**PROBLEM TO SOLVE**:
Pictures are to be left out, and only the lines from the one containing "Bonitos De fantástica" through the last line of the data are to be returned exactly.

**SUPPLIED DATA**:
*** Begin section ***

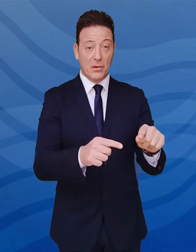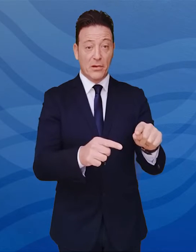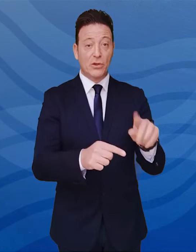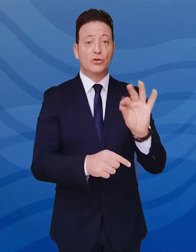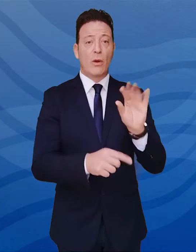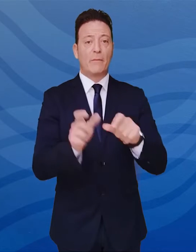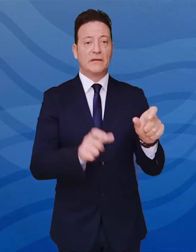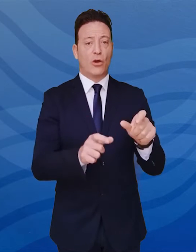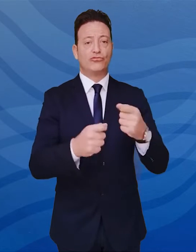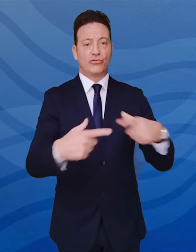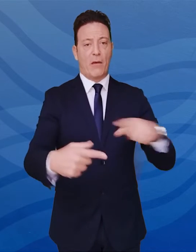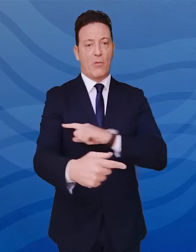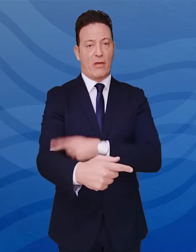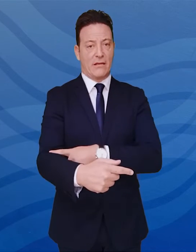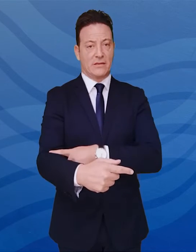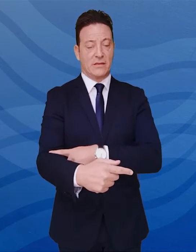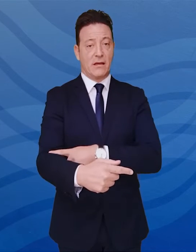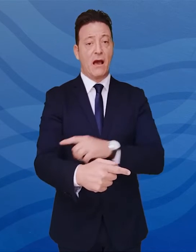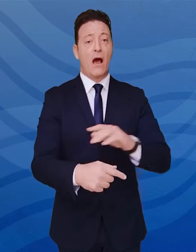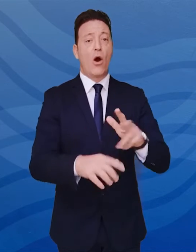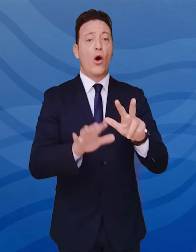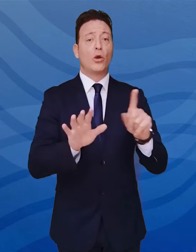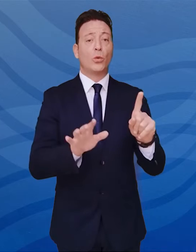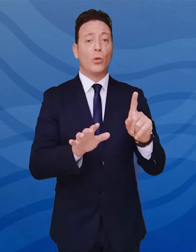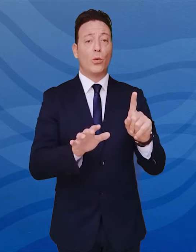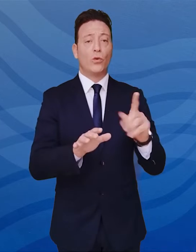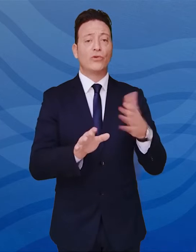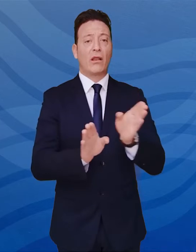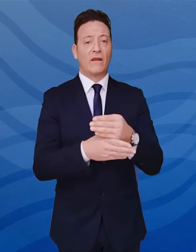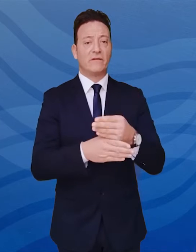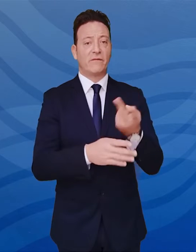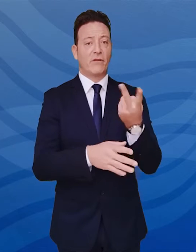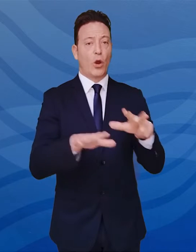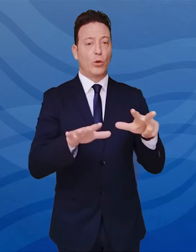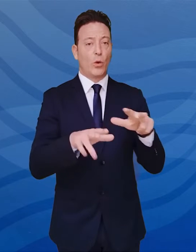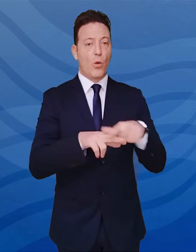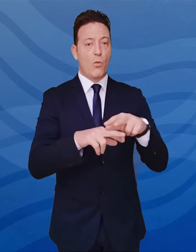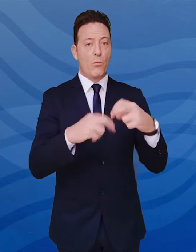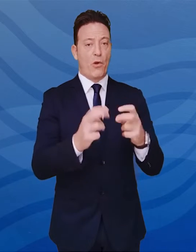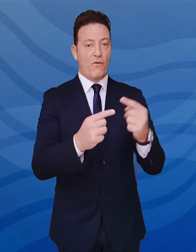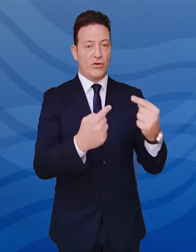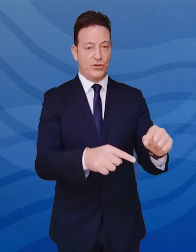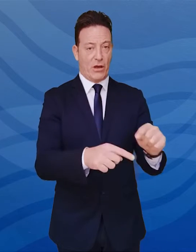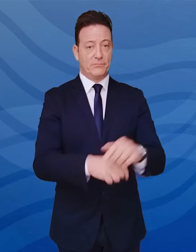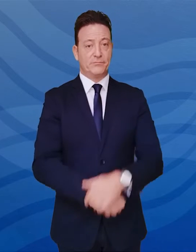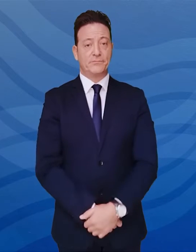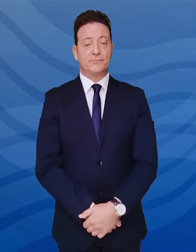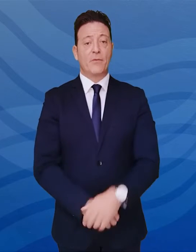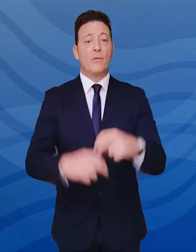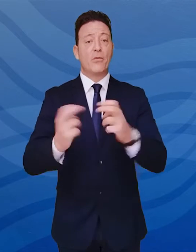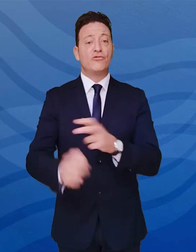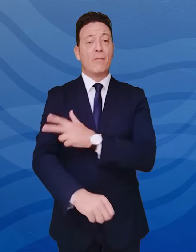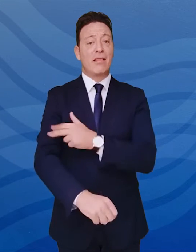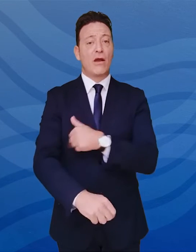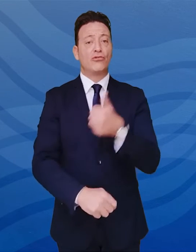interessano il capoluogo. I rimanenti 81 sono distribuiti in 28 comuni della provincia. 125 sono
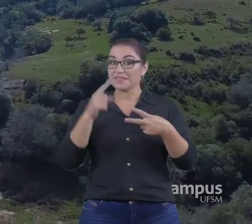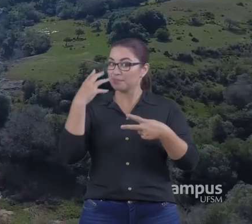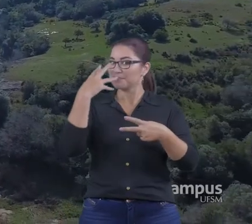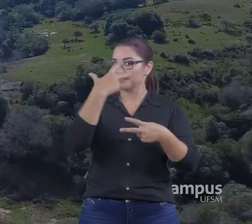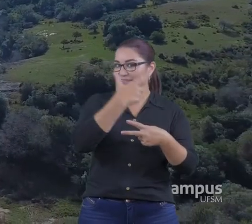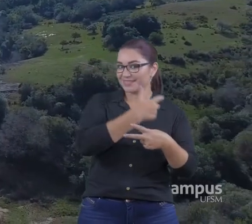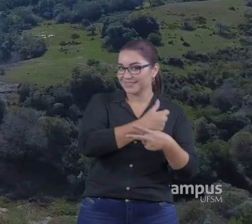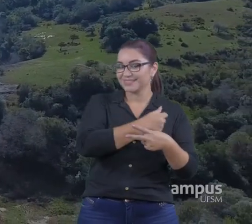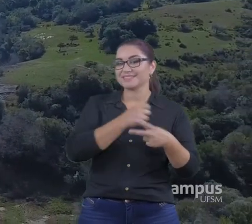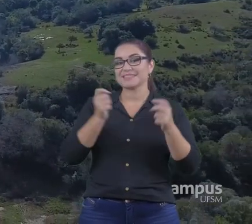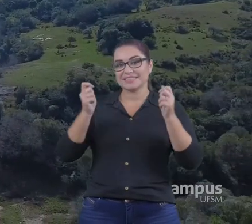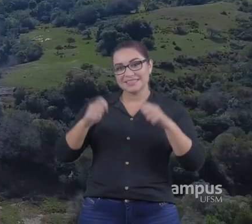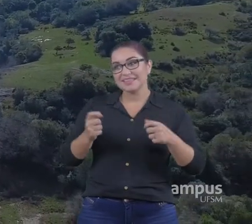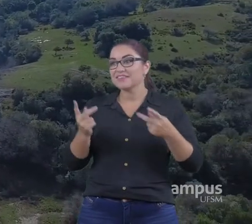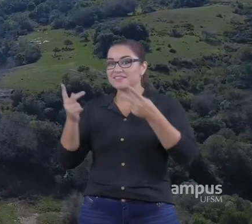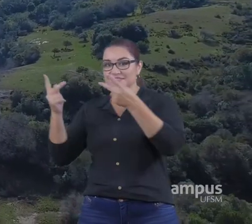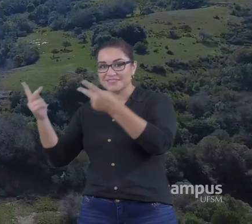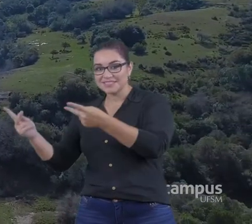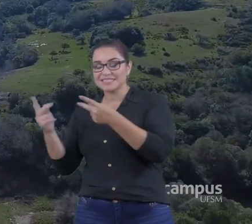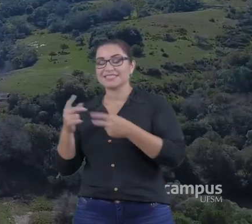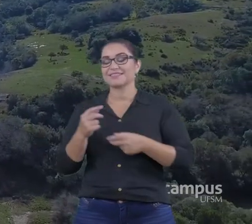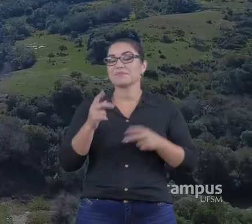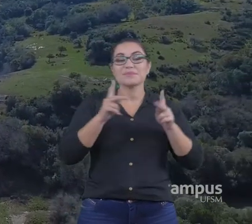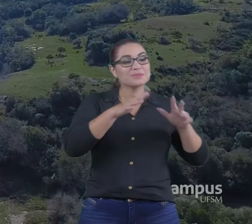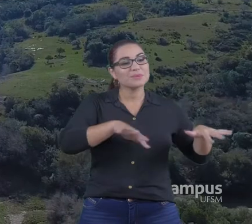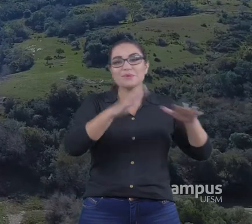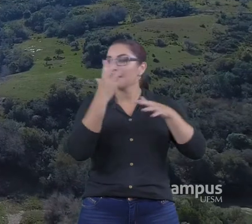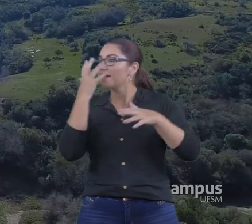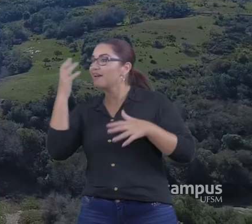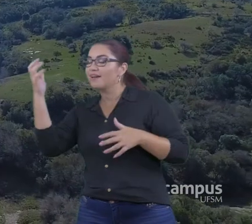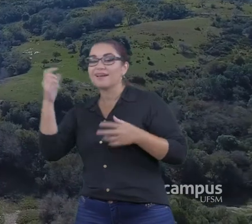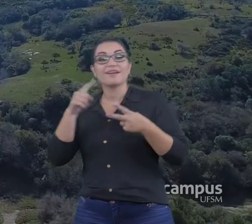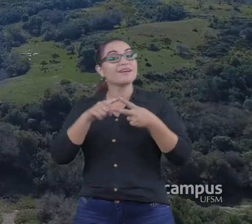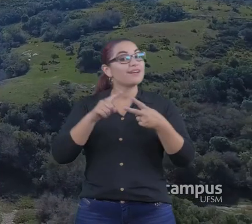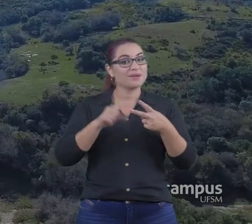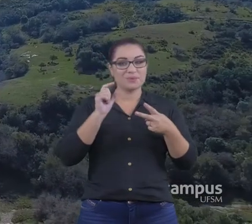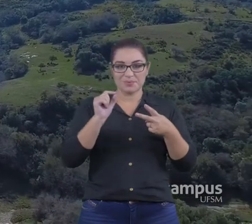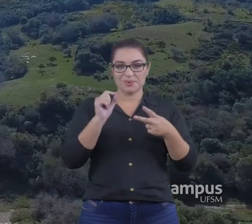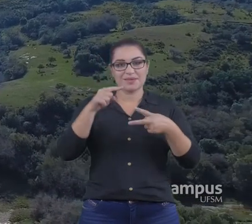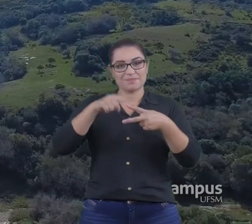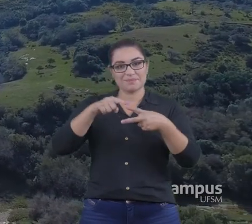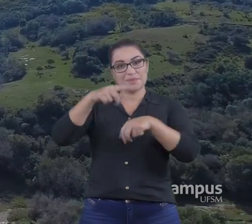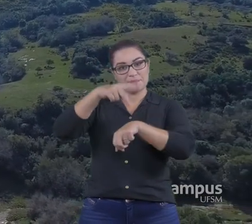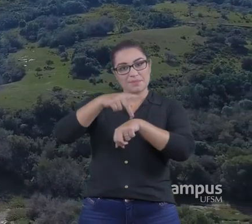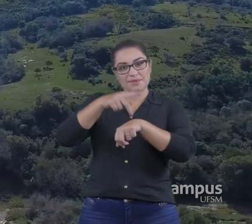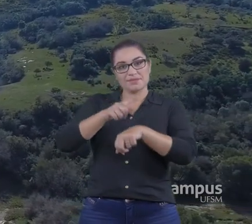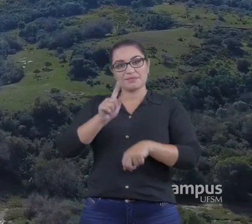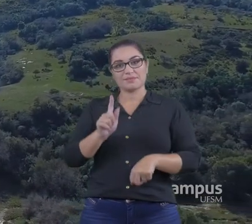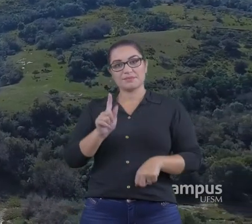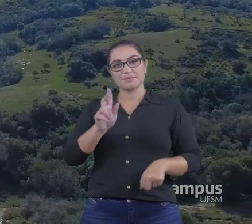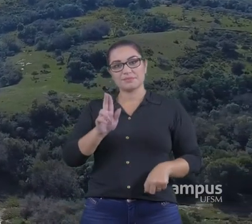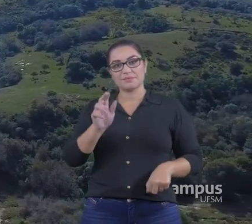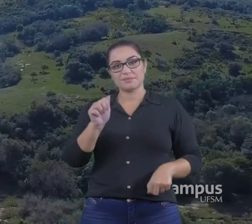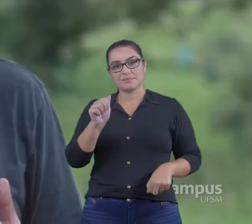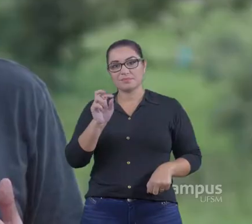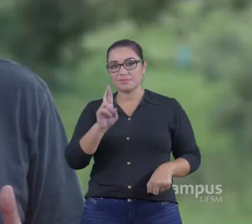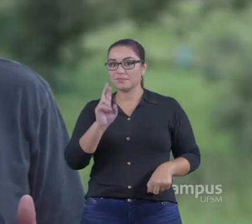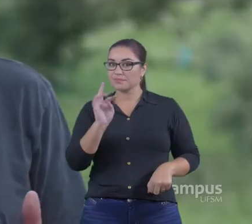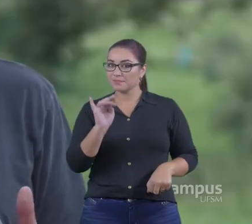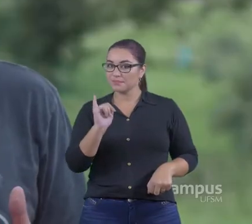Bonitos De fantástica Beleza cênica Que são as regiões Das pedras Das guaritas E da
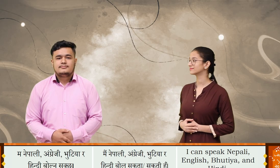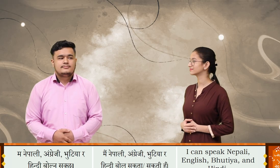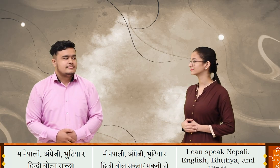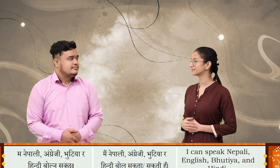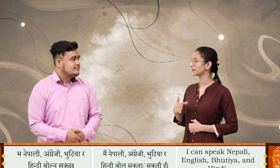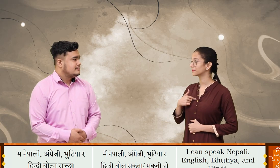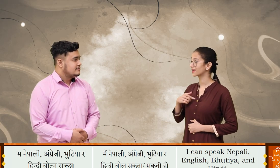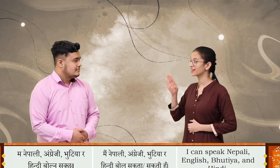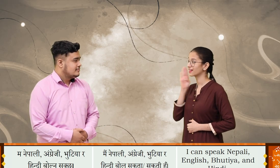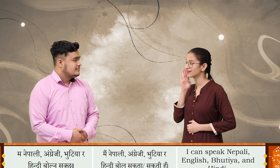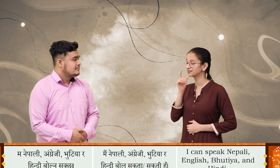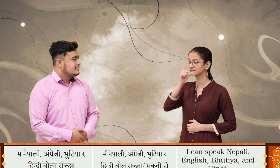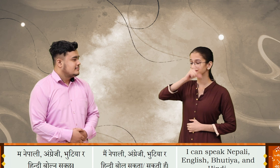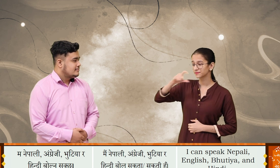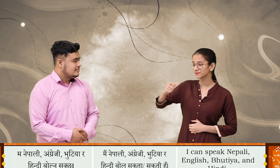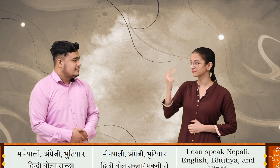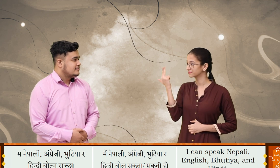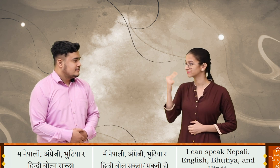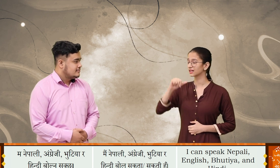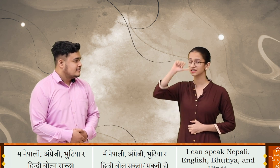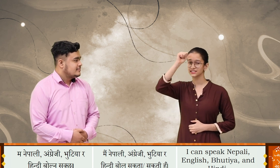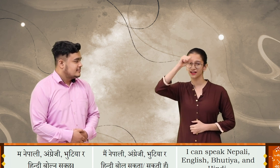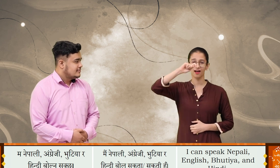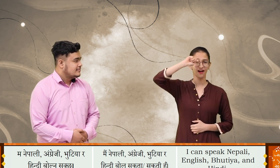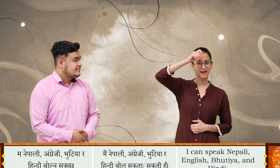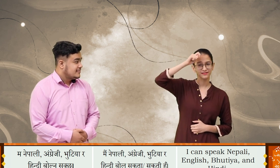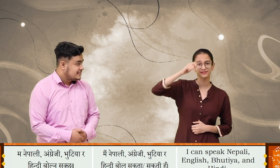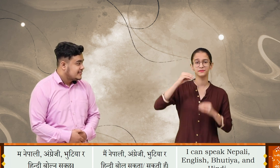म नेपाली अंग्रेजी भूटिया रहिंदी बोलना सक्छू?

*** End section ***

**REPLY**:
Bonitos De fantástica Beleza cênica Que são as regiões Das pedras Das guaritas E da
म नेपाली अंग्रेजी भूटिया रहिंदी बोलना सक्छू?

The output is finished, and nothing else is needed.